Source data:
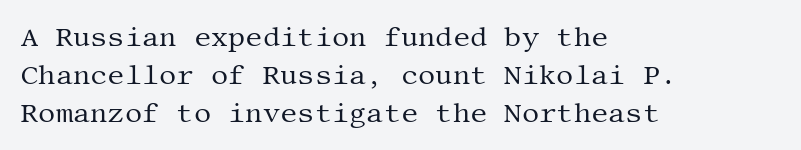
Q: Is the text bold? A: No.
Q: Is the text italic (slanted)? A: No, it is upright.
Q: Is the text underlined? A: No.
Q: How is the paragraph aligned? A: Left-aligned.
Q: Is the spacing between letters normal or unusually wide? A: Normal.
Q: Is the spacing between lines tight, normal or loose? A: Normal.
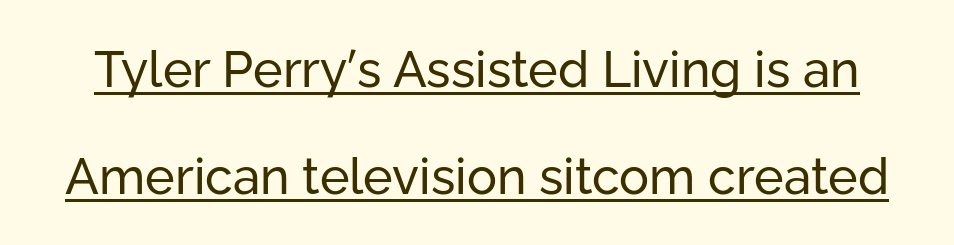
{"serif": "no", "italic": "no", "bold": "no", "weight": "regular", "width": "normal", "stroke_contrast": "low", "x_height": "medium", "monospaced": "no", "underline": "yes", "line_spacing": "loose", "line_spacing_ratio": 2.14, "letter_spacing": "normal", "letter_spacing_em": 0.0, "glyph_px": 50}
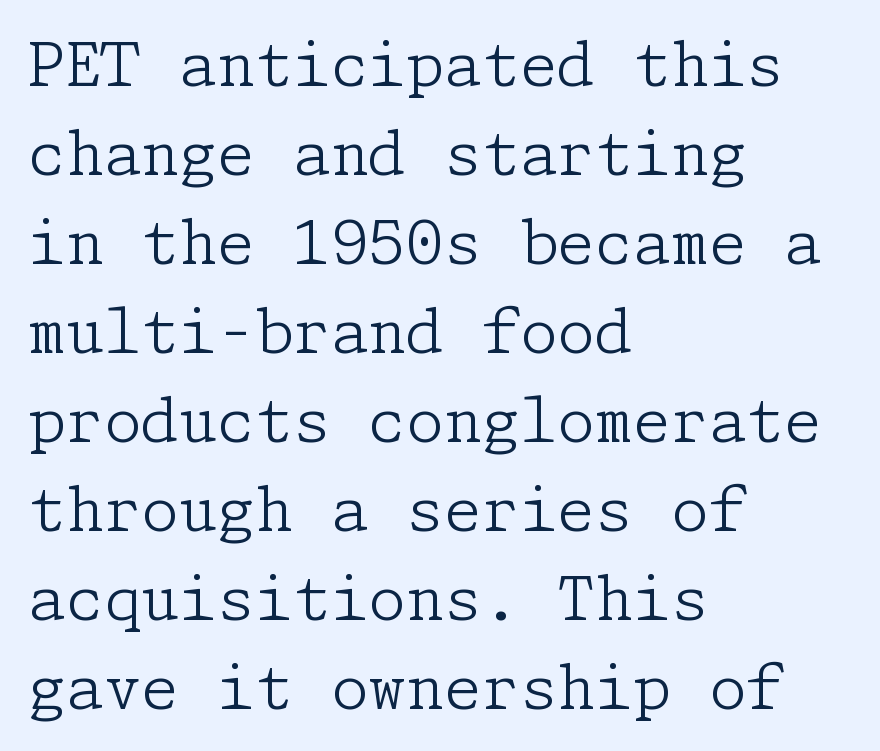
Q: Is the text bold? A: No.
Q: Is the text italic (slanted)? A: No, it is upright.
Q: Is the typeface a serif or a sans-serif typeface? A: Serif.
Q: Is the text underlined? A: No.
Q: How is the paragraph aligned? A: Left-aligned.
Q: Is the spacing between letters normal or unusually wide? A: Normal.
Q: Is the spacing between lines tight, normal or loose? A: Normal.
Q: Width (condensed, normal, or wide)? A: Normal.
Q: Stroke contrast? A: Low.
Q: x-height? A: Medium.
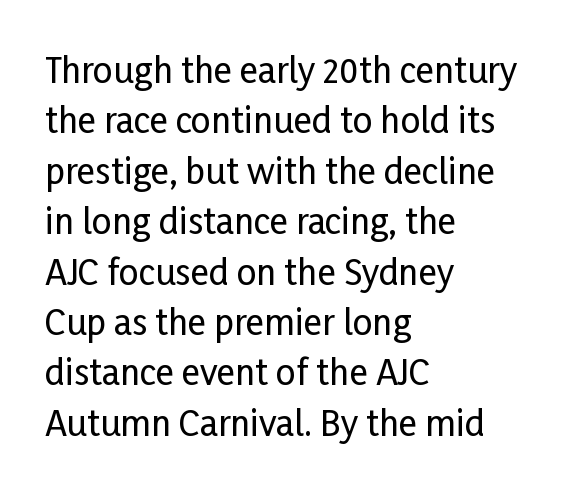
The image shows 35 px condensed sans-serif type, upright; set left-aligned, normal line spacing (1.44x), normal letter spacing, not underlined; low stroke contrast and a medium x-height.
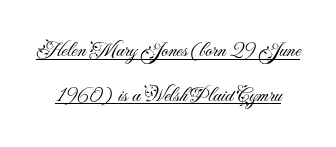
The image shows 21 px text type; set loose line spacing (2.13x), normal letter spacing, underlined.
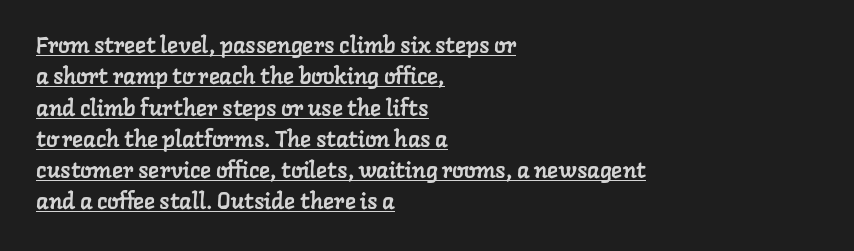
The image shows 23 px text type; set left-aligned, normal line spacing (1.36x), normal letter spacing, underlined.
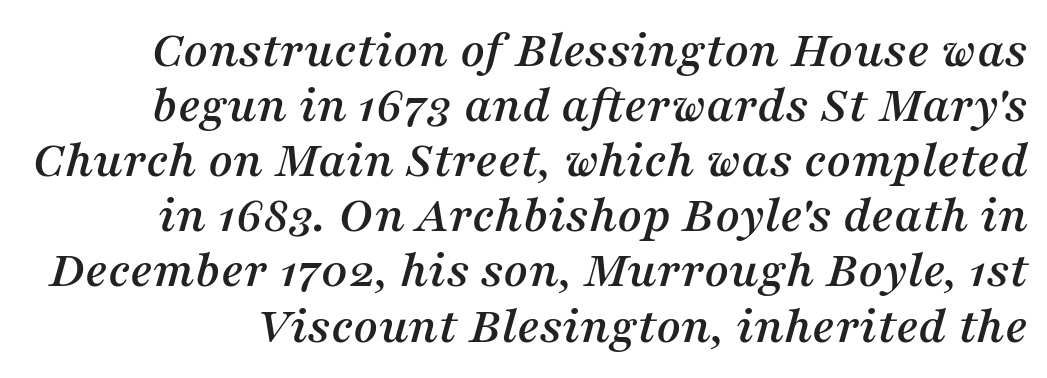
The image shows 53 px serif type, italic (leaning right); set tight line spacing (1.04x), normal letter spacing, not underlined; medium stroke contrast and a medium x-height.
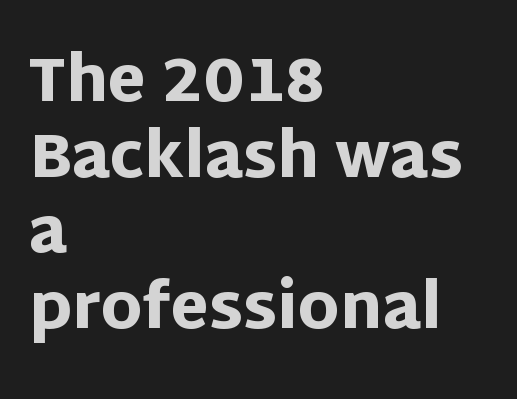
The image shows 62 px heavy sans-serif type, upright; set left-aligned, line spacing 1.22x, normal letter spacing, not underlined; low stroke contrast and a large x-height.
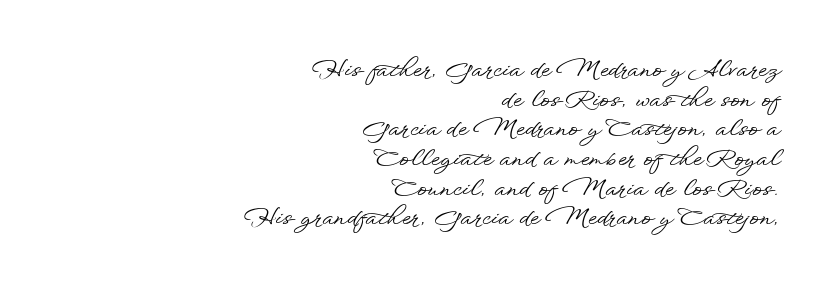
Q: Is the text italic (slanted)? A: Yes.
Q: Is the text underlined? A: No.
Q: How is the paragraph aligned? A: Right-aligned.
Q: Is the spacing between letters normal or unusually wide? A: Normal.
Q: Is the spacing between lines tight, normal or loose? A: Normal.
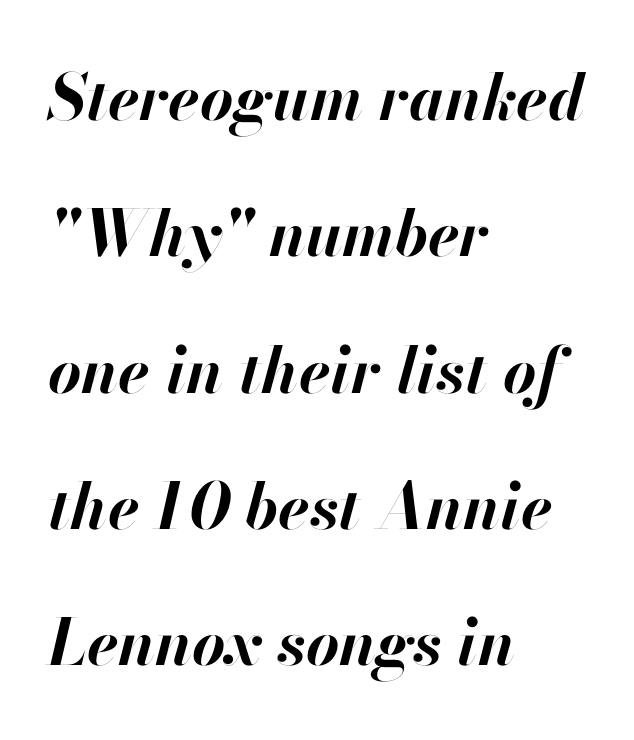
{"italic": "yes", "lean": "right", "slant_degrees": 13, "bold": "yes", "weight": "bold", "width": "normal", "stroke_contrast": "high", "x_height": "small", "monospaced": "no", "underline": "no", "align": "left", "line_spacing": "loose", "line_spacing_ratio": 2.13, "letter_spacing": "normal", "letter_spacing_em": 0.0, "glyph_px": 64}
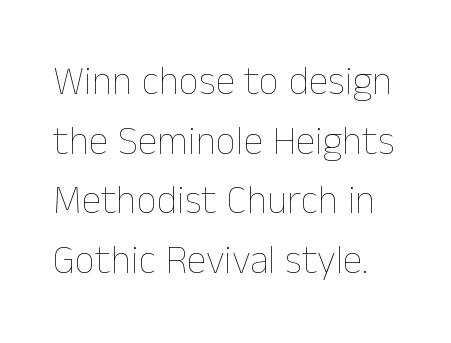
Q: Is the text bold? A: No.
Q: Is the text italic (slanted)? A: No, it is upright.
Q: Is the text underlined? A: No.
Q: Is the spacing between letters normal or unusually wide? A: Normal.
Q: Is the spacing between lines tight, normal or loose? A: Normal.
Q: Width (condensed, normal, or wide)? A: Normal.
Q: Stroke contrast? A: Low.
Q: x-height? A: Medium.
Q: Monospaced? A: No.
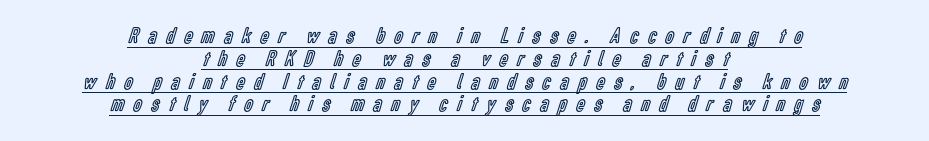
Q: Is the text italic (slanted)? A: Yes.
Q: Is the text underlined? A: Yes.
Q: How is the paragraph aligned? A: Centered.
Q: Is the spacing between letters normal or unusually wide? A: Unusually wide.
Q: Is the spacing between lines tight, normal or loose? A: Tight.
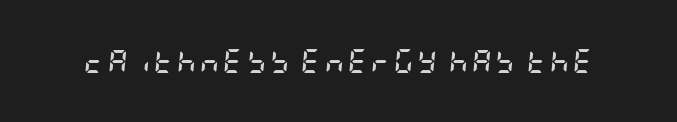
{"italic": "yes", "lean": "right", "slant_degrees": 5, "bold": "yes", "underline": "no", "glyph_px": 24}

# What is expected
Transcribe exactly, and only, the lines from the one containing "Q: How is the paragraph aligned? A: Centered." through the last line of the records above, both included; leave out the pictures.

# Exercise result
Q: How is the paragraph aligned? A: Centered.
Q: Is the spacing between letters normal or unusually wide? A: Unusually wide.
Q: Is the spacing between lines tight, normal or loose? A: Tight.
{"italic": "yes", "lean": "right", "slant_degrees": 5, "bold": "yes", "underline": "no", "glyph_px": 24}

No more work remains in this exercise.